[[ Supplied records, beginning ]]

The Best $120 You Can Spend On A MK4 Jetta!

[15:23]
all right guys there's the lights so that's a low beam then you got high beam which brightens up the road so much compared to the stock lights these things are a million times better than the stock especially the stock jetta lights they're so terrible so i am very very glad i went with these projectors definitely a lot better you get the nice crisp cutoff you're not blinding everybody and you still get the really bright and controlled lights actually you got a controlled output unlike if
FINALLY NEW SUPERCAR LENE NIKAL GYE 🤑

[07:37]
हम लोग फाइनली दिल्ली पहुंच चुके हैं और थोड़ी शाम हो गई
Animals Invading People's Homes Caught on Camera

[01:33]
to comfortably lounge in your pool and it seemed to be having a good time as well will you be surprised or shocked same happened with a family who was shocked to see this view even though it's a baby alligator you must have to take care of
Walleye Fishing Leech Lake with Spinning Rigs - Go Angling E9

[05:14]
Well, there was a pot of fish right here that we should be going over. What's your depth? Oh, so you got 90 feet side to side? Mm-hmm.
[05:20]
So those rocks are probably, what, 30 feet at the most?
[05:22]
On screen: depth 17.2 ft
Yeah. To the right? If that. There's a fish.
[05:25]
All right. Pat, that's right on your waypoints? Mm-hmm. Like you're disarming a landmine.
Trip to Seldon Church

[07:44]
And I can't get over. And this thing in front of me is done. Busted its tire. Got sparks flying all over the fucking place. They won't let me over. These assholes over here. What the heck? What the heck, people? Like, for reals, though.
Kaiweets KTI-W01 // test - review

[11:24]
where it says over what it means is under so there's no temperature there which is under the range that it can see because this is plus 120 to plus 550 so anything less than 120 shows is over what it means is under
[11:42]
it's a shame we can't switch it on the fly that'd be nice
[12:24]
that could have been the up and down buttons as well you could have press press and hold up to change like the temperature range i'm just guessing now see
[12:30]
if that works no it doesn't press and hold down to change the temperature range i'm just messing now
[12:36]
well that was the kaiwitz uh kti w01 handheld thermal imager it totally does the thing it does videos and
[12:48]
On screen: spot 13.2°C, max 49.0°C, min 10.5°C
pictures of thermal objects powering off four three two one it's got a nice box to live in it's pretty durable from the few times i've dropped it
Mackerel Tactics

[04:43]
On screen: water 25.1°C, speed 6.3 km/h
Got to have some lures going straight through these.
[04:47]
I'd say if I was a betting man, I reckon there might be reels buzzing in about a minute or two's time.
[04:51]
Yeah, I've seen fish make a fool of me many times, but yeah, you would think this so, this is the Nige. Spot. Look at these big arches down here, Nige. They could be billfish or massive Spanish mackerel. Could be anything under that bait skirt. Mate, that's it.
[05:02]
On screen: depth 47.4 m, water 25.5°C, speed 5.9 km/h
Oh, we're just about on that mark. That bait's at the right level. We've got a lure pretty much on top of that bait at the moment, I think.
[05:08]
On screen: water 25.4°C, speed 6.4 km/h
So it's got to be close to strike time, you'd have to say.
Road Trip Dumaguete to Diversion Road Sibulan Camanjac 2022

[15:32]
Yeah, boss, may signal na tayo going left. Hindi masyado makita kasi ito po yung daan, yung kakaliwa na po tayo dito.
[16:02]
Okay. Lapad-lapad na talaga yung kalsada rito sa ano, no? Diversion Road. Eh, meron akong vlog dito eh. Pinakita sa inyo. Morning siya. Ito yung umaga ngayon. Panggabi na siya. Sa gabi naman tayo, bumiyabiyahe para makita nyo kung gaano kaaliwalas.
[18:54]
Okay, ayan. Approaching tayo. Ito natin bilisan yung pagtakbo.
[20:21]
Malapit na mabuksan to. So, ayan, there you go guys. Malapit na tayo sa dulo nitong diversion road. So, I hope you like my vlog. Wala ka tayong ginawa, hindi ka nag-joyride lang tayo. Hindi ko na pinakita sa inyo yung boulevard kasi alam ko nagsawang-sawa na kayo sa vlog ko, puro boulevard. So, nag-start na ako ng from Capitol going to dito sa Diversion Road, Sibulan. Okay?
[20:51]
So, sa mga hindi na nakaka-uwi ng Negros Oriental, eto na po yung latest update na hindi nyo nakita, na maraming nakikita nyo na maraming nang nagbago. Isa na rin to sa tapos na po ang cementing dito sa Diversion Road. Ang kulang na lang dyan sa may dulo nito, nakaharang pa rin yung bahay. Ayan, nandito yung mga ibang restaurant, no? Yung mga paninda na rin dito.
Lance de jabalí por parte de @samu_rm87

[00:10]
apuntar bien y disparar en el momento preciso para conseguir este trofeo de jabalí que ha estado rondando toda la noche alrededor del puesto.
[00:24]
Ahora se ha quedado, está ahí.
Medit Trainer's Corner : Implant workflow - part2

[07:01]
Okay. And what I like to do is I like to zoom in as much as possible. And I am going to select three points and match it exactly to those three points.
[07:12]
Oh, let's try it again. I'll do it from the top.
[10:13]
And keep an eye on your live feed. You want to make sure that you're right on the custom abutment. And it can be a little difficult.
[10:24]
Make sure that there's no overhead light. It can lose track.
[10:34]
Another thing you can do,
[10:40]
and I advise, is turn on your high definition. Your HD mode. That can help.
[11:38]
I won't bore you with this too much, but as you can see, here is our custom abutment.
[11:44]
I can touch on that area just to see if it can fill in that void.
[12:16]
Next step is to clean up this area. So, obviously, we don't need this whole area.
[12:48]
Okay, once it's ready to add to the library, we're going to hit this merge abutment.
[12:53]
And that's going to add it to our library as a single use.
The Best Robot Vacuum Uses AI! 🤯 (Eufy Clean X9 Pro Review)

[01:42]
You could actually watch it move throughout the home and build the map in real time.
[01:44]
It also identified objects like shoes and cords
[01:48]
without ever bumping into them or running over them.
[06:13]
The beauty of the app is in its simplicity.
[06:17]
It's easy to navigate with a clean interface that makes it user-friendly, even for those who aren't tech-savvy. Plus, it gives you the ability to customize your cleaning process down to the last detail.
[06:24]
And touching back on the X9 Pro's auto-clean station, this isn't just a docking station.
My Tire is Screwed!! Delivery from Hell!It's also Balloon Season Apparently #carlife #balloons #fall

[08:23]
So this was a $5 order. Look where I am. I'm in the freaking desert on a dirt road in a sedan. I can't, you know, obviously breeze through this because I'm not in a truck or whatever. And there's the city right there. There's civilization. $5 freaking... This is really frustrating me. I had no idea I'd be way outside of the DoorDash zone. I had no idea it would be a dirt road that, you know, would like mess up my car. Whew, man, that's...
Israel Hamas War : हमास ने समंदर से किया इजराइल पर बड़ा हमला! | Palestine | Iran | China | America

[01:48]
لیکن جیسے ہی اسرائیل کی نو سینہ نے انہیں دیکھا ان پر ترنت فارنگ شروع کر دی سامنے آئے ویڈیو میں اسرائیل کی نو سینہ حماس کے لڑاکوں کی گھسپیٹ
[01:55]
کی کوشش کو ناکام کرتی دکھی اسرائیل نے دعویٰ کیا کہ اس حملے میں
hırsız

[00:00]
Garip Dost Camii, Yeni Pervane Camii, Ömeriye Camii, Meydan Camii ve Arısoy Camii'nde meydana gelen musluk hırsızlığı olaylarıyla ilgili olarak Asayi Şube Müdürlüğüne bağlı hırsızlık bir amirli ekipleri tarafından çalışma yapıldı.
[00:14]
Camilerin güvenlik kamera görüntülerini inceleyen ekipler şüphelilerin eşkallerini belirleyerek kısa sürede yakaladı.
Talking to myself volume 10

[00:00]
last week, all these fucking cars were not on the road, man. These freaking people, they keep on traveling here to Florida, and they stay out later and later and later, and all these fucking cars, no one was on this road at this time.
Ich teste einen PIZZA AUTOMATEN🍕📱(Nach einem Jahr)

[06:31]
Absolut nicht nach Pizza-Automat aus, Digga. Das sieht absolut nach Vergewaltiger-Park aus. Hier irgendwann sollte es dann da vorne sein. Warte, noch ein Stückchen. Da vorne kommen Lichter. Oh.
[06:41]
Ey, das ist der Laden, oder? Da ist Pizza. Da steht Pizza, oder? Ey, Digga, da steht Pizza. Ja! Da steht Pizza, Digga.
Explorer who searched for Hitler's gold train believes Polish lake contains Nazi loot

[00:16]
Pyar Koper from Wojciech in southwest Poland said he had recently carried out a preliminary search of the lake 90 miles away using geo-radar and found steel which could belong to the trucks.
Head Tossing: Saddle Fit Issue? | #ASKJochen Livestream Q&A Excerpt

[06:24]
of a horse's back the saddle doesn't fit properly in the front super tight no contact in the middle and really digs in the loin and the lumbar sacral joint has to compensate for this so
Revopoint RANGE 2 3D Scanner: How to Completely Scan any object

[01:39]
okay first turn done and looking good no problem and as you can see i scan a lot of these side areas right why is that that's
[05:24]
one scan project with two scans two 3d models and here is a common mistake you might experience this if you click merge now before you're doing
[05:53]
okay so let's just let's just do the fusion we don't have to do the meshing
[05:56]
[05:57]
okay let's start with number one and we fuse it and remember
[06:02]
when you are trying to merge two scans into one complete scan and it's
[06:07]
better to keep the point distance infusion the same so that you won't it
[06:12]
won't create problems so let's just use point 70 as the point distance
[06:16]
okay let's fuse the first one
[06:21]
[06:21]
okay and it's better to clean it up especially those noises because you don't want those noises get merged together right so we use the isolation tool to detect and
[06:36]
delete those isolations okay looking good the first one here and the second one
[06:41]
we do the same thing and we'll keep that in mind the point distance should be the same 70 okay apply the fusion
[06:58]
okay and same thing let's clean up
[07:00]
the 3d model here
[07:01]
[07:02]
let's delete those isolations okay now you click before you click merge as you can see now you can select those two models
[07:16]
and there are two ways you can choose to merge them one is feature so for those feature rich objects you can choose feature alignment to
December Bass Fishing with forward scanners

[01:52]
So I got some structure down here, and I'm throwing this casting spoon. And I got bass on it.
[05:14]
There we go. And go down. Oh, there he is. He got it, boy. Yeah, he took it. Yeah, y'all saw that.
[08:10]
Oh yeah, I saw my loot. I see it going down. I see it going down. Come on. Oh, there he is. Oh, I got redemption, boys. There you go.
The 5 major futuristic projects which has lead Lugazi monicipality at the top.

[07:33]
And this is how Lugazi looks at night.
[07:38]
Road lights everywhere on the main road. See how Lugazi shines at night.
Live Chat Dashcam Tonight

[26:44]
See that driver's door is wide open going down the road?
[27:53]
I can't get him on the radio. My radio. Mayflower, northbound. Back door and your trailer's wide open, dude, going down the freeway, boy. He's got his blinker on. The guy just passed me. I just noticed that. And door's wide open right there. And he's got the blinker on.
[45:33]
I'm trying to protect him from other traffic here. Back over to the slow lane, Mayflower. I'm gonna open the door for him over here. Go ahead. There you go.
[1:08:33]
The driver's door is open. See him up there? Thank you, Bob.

[[ Supplied records, end ]]

:: Problem details ::
Output the number of lines above holding the word "Best", and nothing besides it.

:: Task response ::
2